[GE users] advice re: network topology aware MPI host selection

Chris Dagdigian dag at sonsorol.org
Fri Oct 3 15:23:26 BST 2008

Hi folks,

I'm dealing with a latency-sensitive MPI application that is having  
some trouble due to network topology issues.

The scenario:

  - Standard blade cluster made up of many 14 blade chassis
  - 14 server blades per chassis
  - In each chassis there are a pair of 7-port Gigabit internal switch  
modules w/ 2Gb/sec interconnect between each
  - In each chassis there is a 100Mbit external uplink to an  
aggregation switch that aggregates all the blade chassis

The cluster is (by design) not meant to support latency sensitive apps  
so we are just trying to do the best we can with the network we have.

What we see:

  - Application performs great when all MPI nodes are within the 7- 
port internal switch zone
  - Application performs almost as well when it stays within the same  
blade chassis and just spans the internal switching modules
  - Application performance drops to unacceptable when it has to span  
multiple blade chassis (the 100mbit link is killing us)

This falls into the standard sort of SGE question "how do I pin my MPI  
jobs to particular groups of machines?"

The normal best practice in this case would be:

  - Define multiple PEs
  - Create multiple queues, each with a custom tuned hostlist
  - Associate a PE to each of the new queues
  - Wildcard PE submission "qsub -pe MPI* "
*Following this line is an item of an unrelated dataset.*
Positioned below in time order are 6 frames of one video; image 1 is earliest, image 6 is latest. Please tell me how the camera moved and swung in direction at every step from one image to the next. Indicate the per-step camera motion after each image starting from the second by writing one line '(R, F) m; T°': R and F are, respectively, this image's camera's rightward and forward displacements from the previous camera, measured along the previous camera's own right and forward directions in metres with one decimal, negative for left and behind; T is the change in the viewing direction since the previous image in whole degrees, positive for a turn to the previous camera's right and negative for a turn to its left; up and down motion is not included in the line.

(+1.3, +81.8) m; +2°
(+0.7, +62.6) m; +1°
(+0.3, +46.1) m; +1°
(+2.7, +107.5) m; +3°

... with wildcard PEs we'll be dispatched to a cluster queue that just  
so happens to be configured with an ideal hostlist from a topology  

I've got a problem with this though.

It requires multiple queues to be set up because PEs themselves no  
longer have a hostlist associated with them so any host groupings need  
to be done at the queue level. This particular user has bought  
entirely into the SGE mindset of "less queues is better" and they are  
already doing really excellent with a single "bladeCluster.q" queue.

Forcing a user who has already worked hard to get down to a single  
cluster queue to now deploy a bunch of extra queues just to get the  
topology-aware MPI host selection is really not going to be an ideal  

I know that the wildcard PE method would work. I would just rather not  
configure a ton of new cluster queues just to get one application  
performing better.

Does anyone have any other methods that may work?
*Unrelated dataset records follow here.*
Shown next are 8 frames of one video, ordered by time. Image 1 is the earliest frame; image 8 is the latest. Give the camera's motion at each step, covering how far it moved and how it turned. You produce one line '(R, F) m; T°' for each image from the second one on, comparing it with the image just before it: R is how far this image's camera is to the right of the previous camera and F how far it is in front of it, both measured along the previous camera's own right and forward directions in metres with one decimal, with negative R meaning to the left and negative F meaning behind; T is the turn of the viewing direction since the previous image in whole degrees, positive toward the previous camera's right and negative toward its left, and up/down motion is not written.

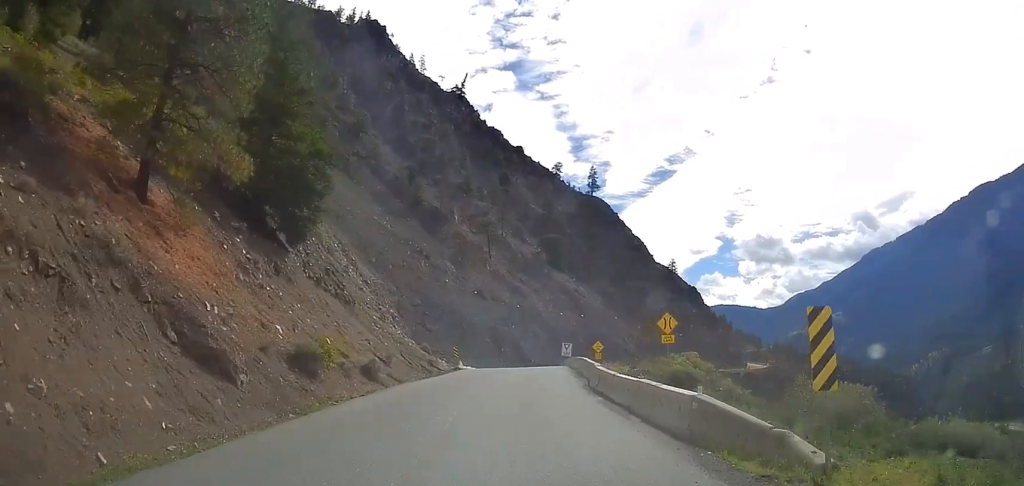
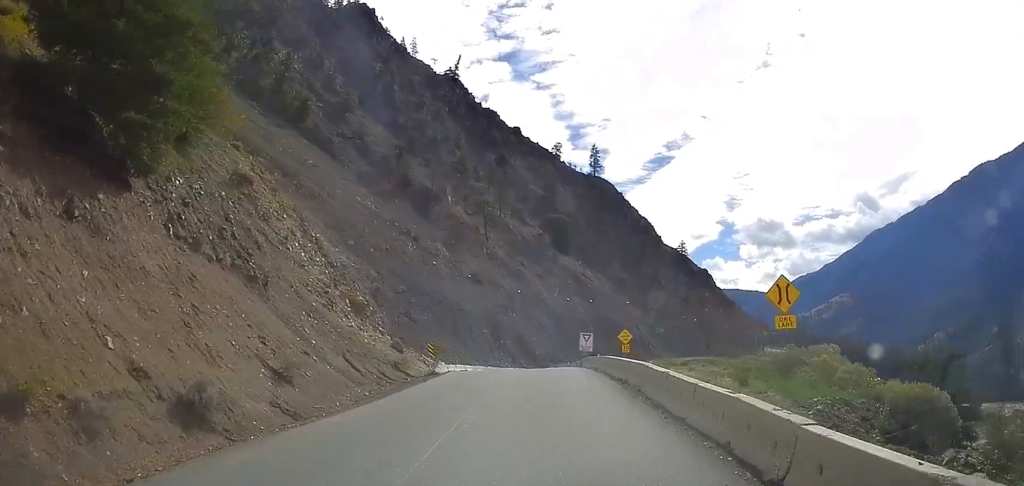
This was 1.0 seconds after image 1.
(-0.6, +17.3) m; -2°
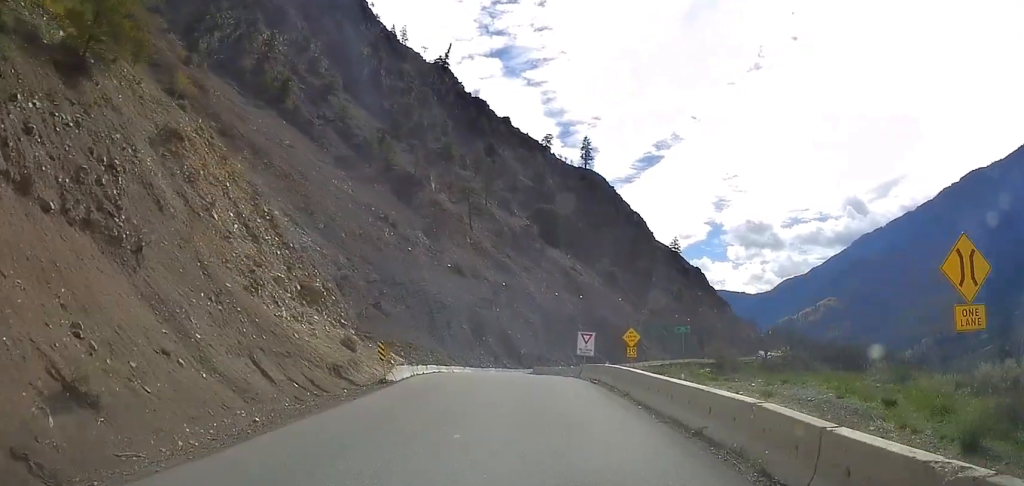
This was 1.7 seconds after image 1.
(0.0, +10.5) m; 0°
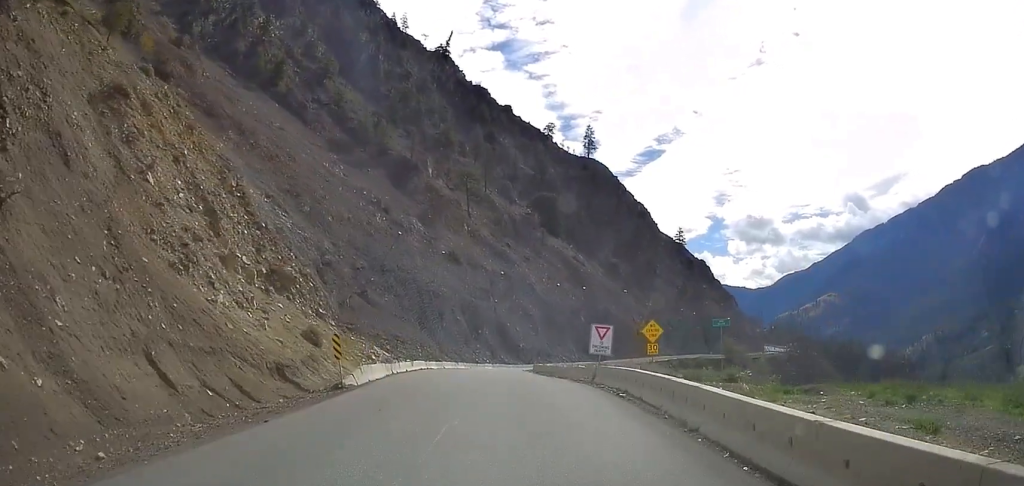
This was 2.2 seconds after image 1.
(0.0, +7.2) m; 0°
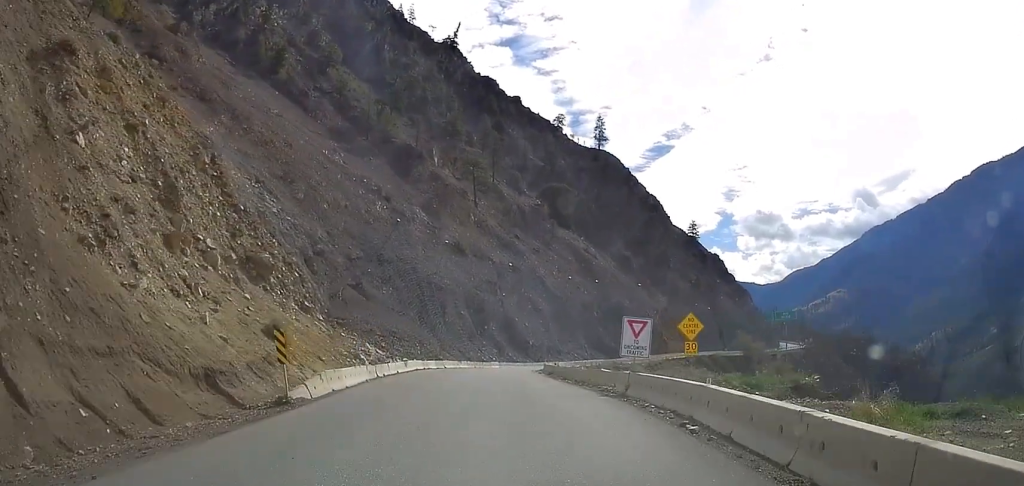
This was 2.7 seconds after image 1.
(0.0, +6.7) m; 0°
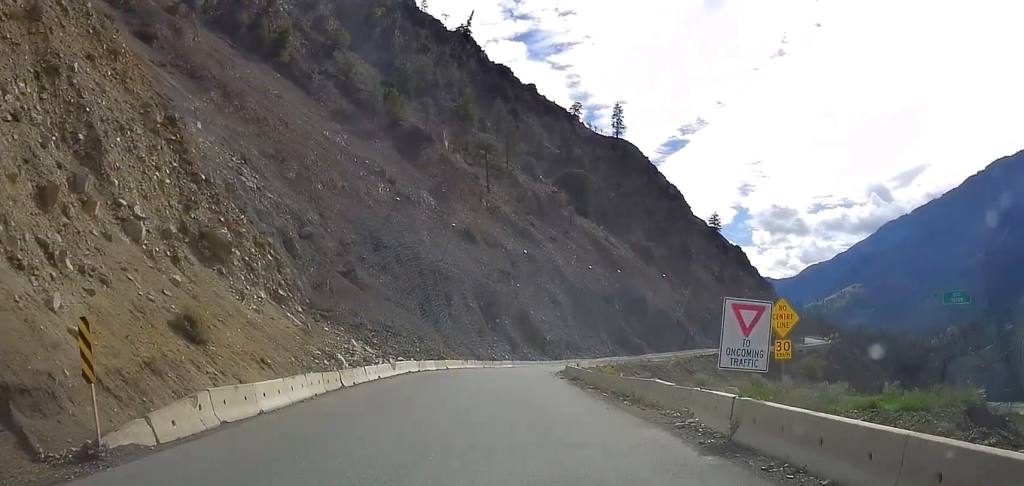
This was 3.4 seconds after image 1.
(+0.1, +8.9) m; +1°
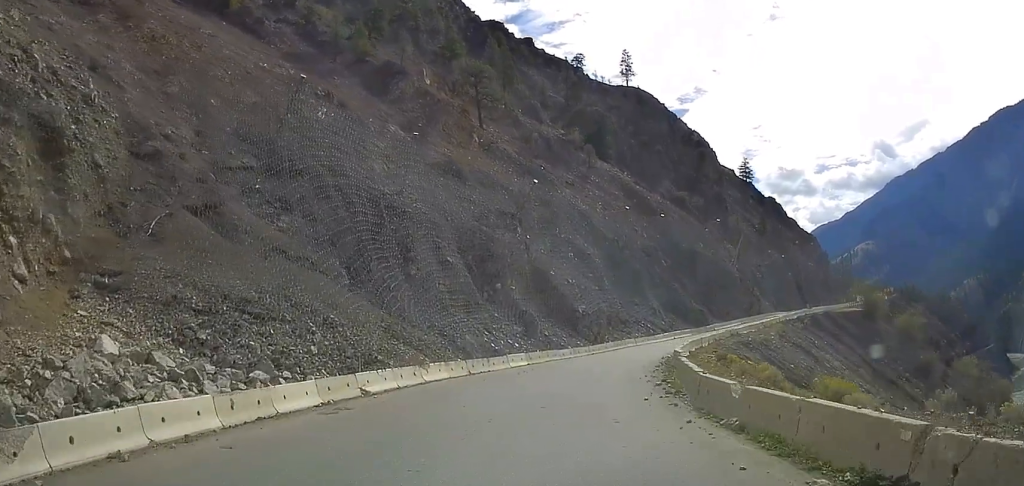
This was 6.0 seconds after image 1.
(-1.4, +29.9) m; -2°
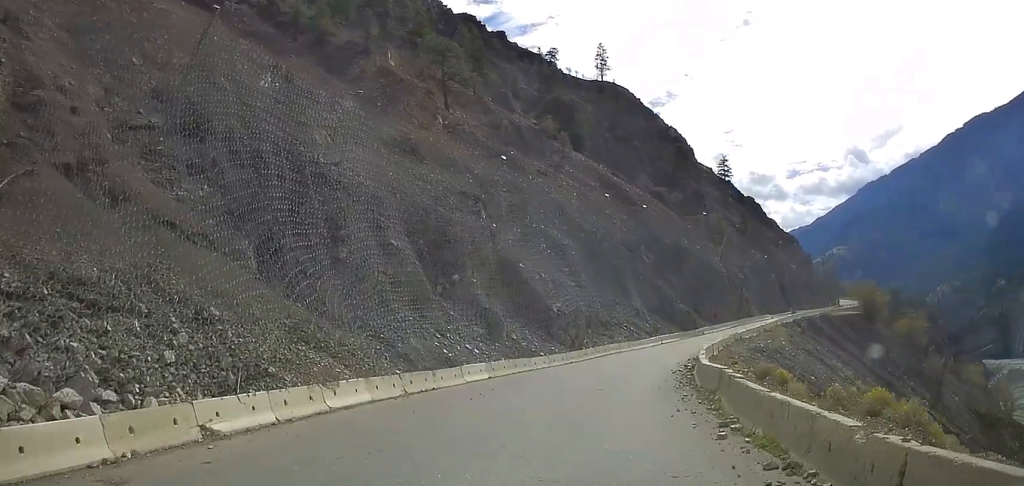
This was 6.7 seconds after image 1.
(+0.1, +8.4) m; +6°

How about hostgroups? Can I use wildcards with hostgroups? Can I  
submit with multiple comma or space separated queue requests?

I was thinking about doing something like this:

(1) define hostgroups according to ideal network topology
(2) submit jobs with multiple queue requests like so:

qsub -q "all.q@@NodeGroup1 all.q@@NodeGroup2 all.q@@NodeGroup3 ... "

Ideally wildcards would allow something like:

  qsub -q all.q@@NodeGrouping*

Any tips or recommendations welcome. I'd really like to avoid  
configuring multiple queues for one app.